### PROBLEM DETAILS
Set down exactly, from the records below, the line with "von 1,000,000 Stücken" through the line with "Mihstätte zu treffen.", and nothing else.

### RECORDS PROVIDED

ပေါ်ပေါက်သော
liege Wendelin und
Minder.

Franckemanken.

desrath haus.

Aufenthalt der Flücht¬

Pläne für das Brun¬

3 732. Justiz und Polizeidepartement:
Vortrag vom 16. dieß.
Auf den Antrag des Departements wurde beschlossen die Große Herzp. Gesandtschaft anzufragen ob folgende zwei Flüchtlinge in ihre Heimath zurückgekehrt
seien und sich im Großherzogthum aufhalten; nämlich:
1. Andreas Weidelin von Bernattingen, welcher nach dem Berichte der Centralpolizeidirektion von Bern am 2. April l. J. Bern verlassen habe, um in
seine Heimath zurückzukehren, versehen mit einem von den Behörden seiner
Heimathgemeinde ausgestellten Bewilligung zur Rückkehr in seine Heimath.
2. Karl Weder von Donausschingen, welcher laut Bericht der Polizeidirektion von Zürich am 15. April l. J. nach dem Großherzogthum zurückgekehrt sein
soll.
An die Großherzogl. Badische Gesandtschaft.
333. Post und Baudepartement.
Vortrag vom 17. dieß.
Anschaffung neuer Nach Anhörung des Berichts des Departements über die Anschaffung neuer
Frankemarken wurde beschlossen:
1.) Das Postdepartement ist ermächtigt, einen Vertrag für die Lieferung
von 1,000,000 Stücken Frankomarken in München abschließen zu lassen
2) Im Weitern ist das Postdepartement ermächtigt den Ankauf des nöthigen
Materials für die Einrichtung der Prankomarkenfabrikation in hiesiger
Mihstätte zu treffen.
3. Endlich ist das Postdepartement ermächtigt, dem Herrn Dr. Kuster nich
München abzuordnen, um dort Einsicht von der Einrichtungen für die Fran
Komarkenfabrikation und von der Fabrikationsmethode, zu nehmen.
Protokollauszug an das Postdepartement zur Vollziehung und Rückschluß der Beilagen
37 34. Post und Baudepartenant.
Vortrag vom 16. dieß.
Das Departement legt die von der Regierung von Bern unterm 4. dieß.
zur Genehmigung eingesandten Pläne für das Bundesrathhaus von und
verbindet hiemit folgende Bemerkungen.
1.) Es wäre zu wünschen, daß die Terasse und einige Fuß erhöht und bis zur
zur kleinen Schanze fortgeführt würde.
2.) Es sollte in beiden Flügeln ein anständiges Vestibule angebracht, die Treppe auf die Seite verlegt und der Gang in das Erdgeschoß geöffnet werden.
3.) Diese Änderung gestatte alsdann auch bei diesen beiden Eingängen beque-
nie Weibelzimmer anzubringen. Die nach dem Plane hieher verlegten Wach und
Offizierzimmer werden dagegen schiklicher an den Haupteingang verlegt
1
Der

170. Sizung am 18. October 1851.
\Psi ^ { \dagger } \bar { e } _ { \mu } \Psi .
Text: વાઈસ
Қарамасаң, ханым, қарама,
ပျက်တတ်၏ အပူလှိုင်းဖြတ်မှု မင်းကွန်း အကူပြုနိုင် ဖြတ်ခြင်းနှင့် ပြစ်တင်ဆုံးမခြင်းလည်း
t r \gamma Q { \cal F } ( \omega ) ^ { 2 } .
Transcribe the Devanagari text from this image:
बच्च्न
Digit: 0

### COMPLETED TASK
von 1,000,000 Stücken Frankomarken in München abschließen zu lassen
2) Im Weitern ist das Postdepartement ermächtigt den Ankauf des nöthigen
Materials für die Einrichtung der Prankomarkenfabrikation in hiesiger
Mihstätte zu treffen.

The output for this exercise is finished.